I bow humbly now to your decisions and administrative power.


----------



## BVB (Jun 27, 2003)

Is it a matter of being self-referential? Or any topic that makes reference to another thread sorta bumps itself up to a "meta" level? 

Now it's a logic puzzle. I like puzzles.

So, let's say we've got something like, "Rangers are broken." Pretty standard fare. No problem.
But later we get the topic, "Why we keep asking if rangers are broken."  That thread would probably be bumped to this forum, right?


----------



## Negative Zero (Jun 27, 2003)

yeah BVB, you tell 'em! sorry Dinkledog, but i think you goofed too.

~NegZ


----------



## Dinkeldog (Jun 28, 2003)

Anything about the boards finds a home here.  Just because I agree with the idea that multiple threads on the same topic isn't necessary doesn't change that fact.


----------



## BVB (Jun 28, 2003)

Ah, I tricked him into a response!

But Mr. Dog (may I call you Dinkle for short?), I didn't write anything "about the boards" in my original thread. Nada. Zilch. As far as I'm concerned, the boards are running fine and dandy. 

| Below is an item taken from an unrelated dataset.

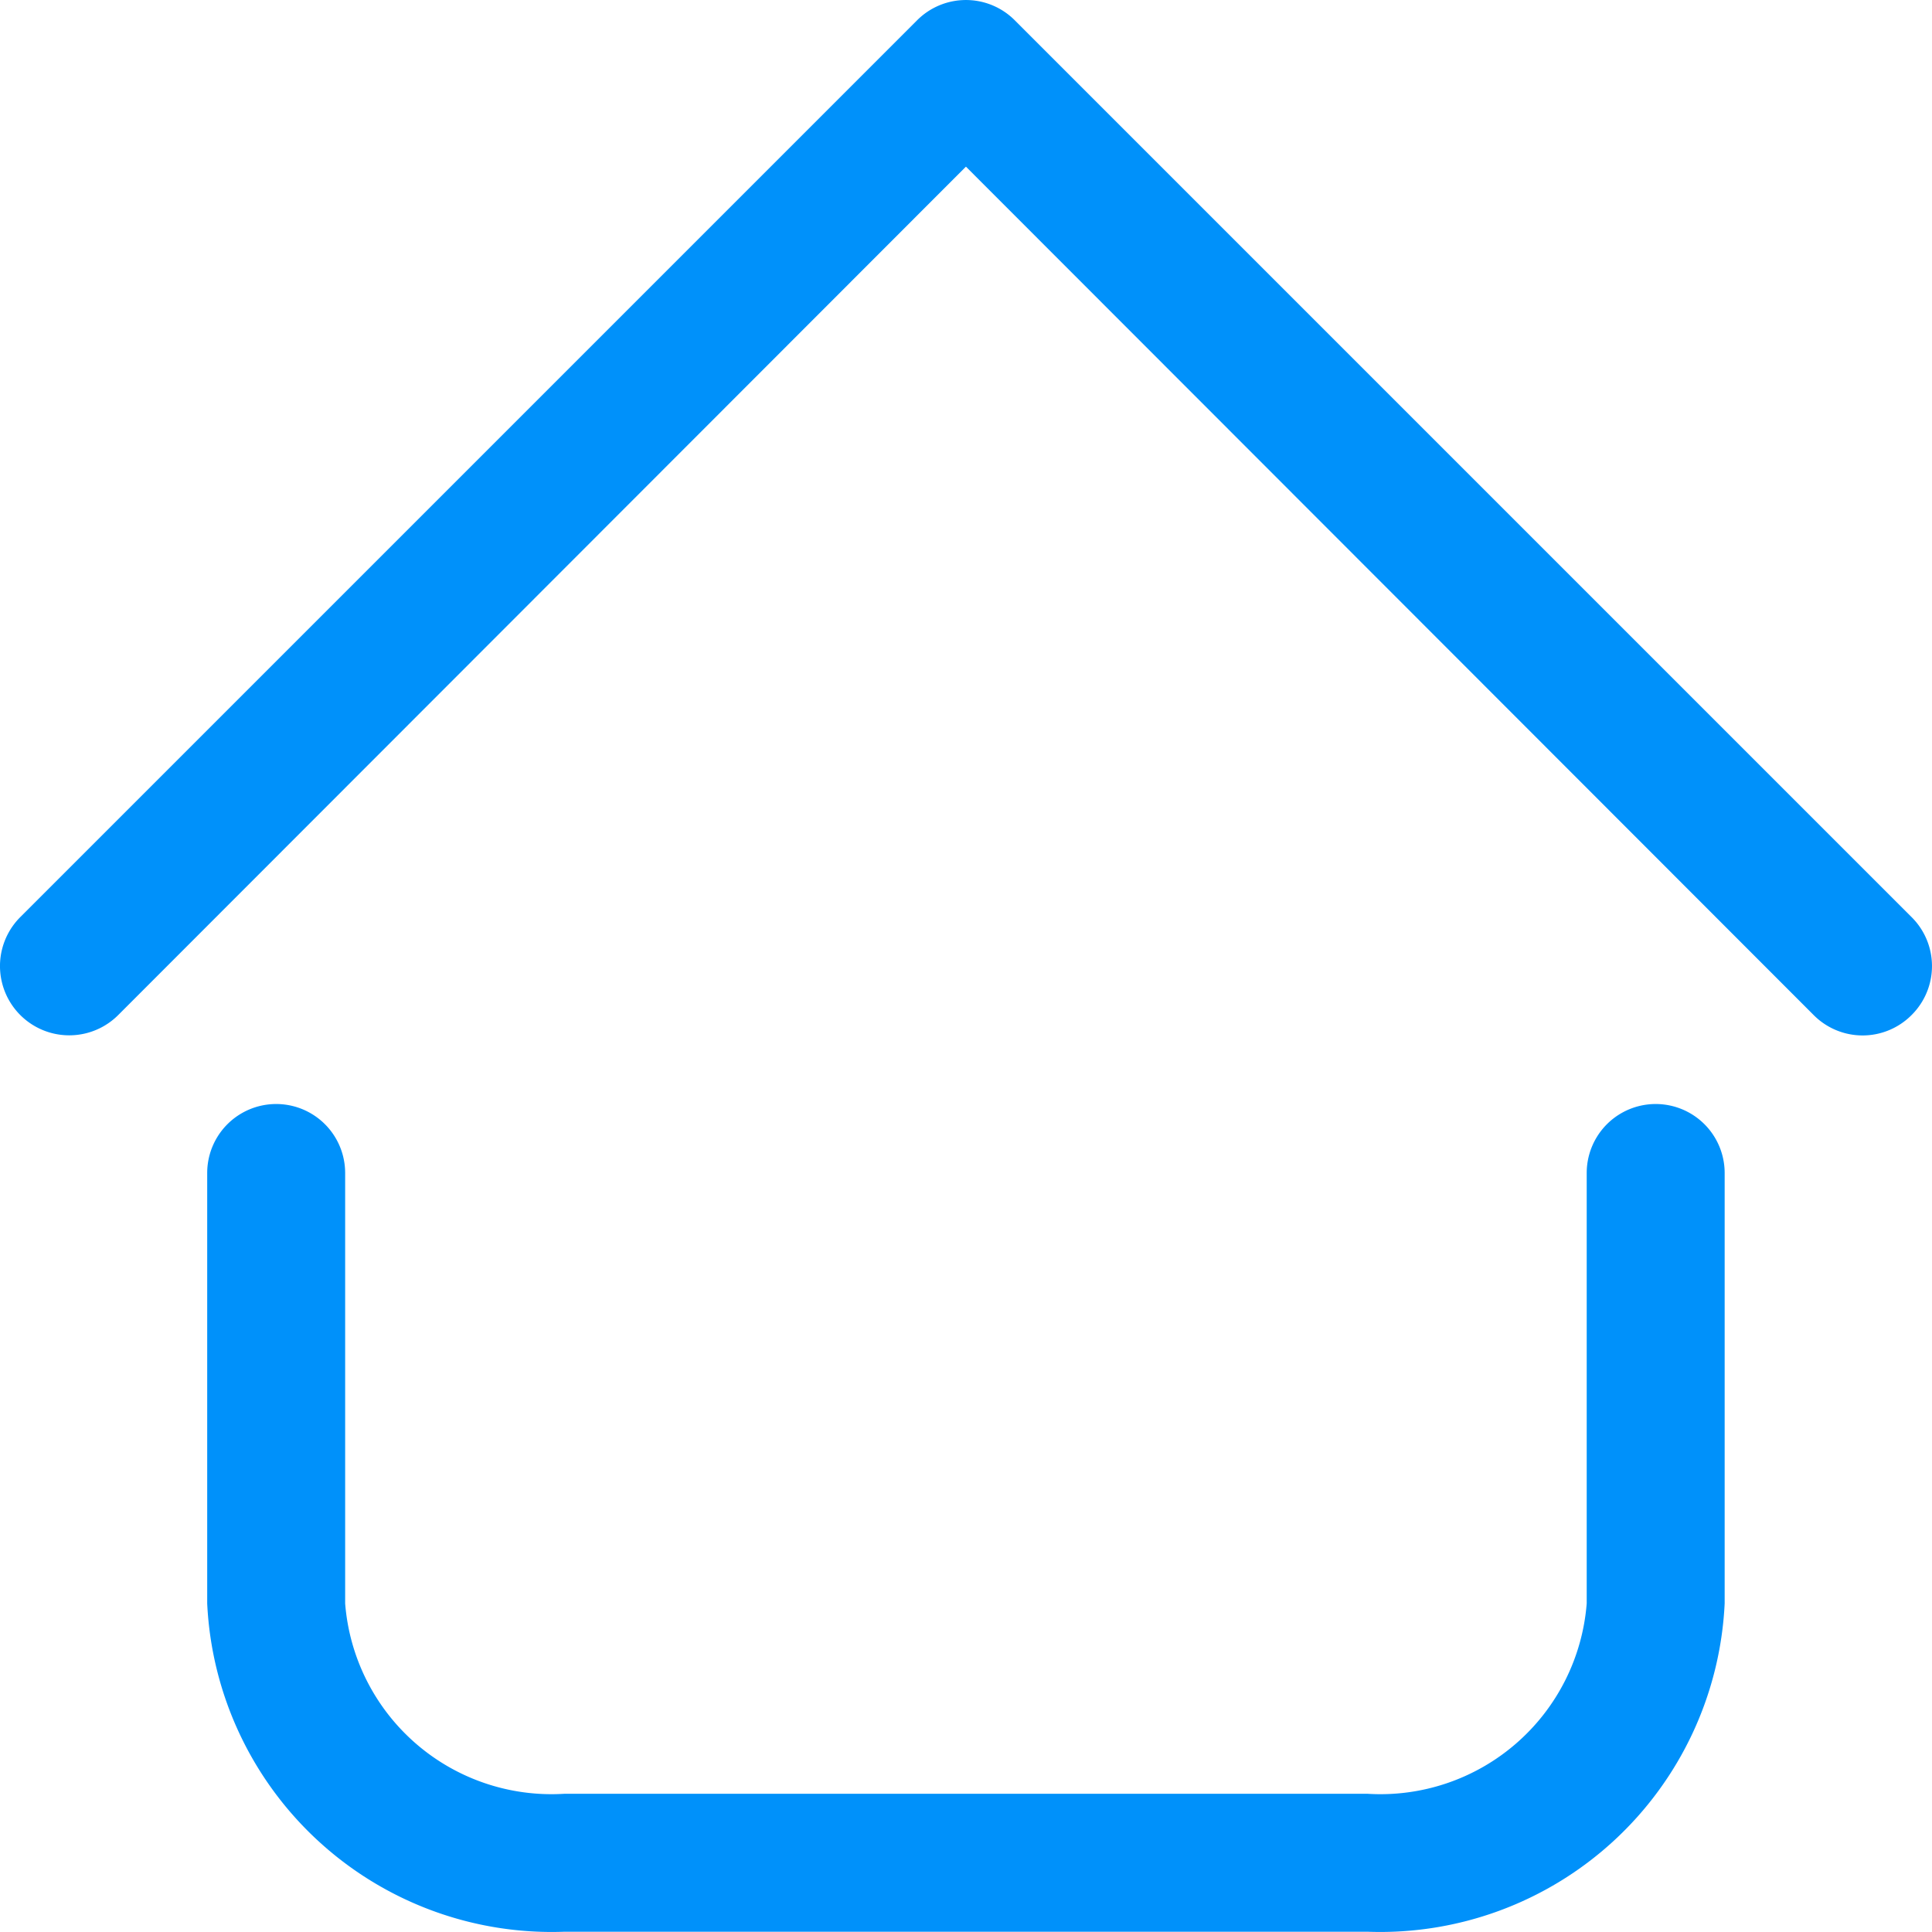 <svg id="_9-Home" data-name="9-Home" xmlns="http://www.w3.org/2000/svg" width="28.01" height="28.009" viewBox="0 0 28.01 28.009">
  <path id="Path_2185" data-name="Path 2185" d="M21.82,30H10.18A5,5,0,0,1,5,25.24V19a1,1,0,0,1,2,0v6.24A3,3,0,0,0,10.18,28H21.82A3,3,0,0,0,25,25.24V19a1,1,0,0,1,2,0v6.24A5,5,0,0,1,21.82,30Zm7.89-13.29a1,1,0,0,0,0-1.42l-13-13a1,1,0,0,0-1.42,0l-13,13a1,1,0,0,0,1.42,1.42L16,4.41l12.29,12.3a1,1,0,0,0,1.42,0Z" transform="translate(-1.996 -1.994)" fill="#0091fa"/>
</svg>

I wrote something about another message thread. Uh-huh. Can't argue that. Clearly poking fun at other threads, NOT the forum.

So?...


----------



## The Fifth Elephant (Jun 28, 2003)

Threads are components in a forum.  Therefore, it can be argued that a thread about a thread is, by it's very nature, also about the forums.


----------



## BVB (Jun 28, 2003)

The Fifth Elephant said:
			
		

> *Threads are components in a forum.  Therefore, it can be argued that a thread about a thread is, by it's very nature, also about the forums. *




Bad logic.
An apple is a fruit, but an apple is not all fruit. Talking about an element within a set -- the apple's red skin, for example -- does not imply any interest in the larger set.


----------



## Mark (Jun 28, 2003)

i like apple pie


----------



## jonesy (Jun 28, 2003)

Mark said:
			
		

> *i like apple pie *




What, you mean there are people who don't?


----------



## jdavis (Jun 28, 2003)

So what your wanting somebody to say is "No there are not to many threads on point buying, with 11000 members we will end up going over the same subjects again and again"? Or maybe "Eh it happens around here." Myself I'd prefer to just say "I am fond of the Point Lease system." and stick a little smiley at the end 

Besides Meta isn't so bad, it's quite pretty this time of the year. More people should check it out.


----------



## jdavis (Jun 28, 2003)

Mark said:
			
		

> *i like apple pie *



My wife found Apple Pie Ice Cream, it's so good it's evil.


----------



## Welverin (Jun 28, 2003)

jdavis said:
			
		

> *My wife found Apple Pie Ice Cream, it's so good it's evil. *




Kind of like Carrotcake Soup?

p.s. that's two different links


----------



## Sixchan (Jun 28, 2003)

jonesy said:
			
		

> *
> 
> What, you mean there are people who don't?  *




I only like Scotch Pies (strange that we Scots, who are so offended at being called Scotch, call our pies by that name). Mutton good, apple bad.


----------



## BVB (Jun 28, 2003)

I'd like to formally request that this thread be moved back into the general forum ...

Because it's completely shifted to a general topic about pies, fruit and food, and no longer fits the description of a "meta" thread.

(heh)


----------



## Dinkeldog (Jun 29, 2003)

I'm sure you'll agree that there are enough OT threads in the General Forum.  We don't really want to clutter it, do we?


----------



## the Jester (Jun 29, 2003)

Dinkeldog said:
			
		

> *I'm sure you'll agree that there are enough OT threads in the General Forum.  We don't really want to clutter it, do we? *




Yes, it would be terrible to clutter all the off-topic threads with General Forums.


----------



## Dinkeldog (Jun 29, 2003)

This is either obviously on topic for Meta or off topic for General.  I thought that would be obvious.


----------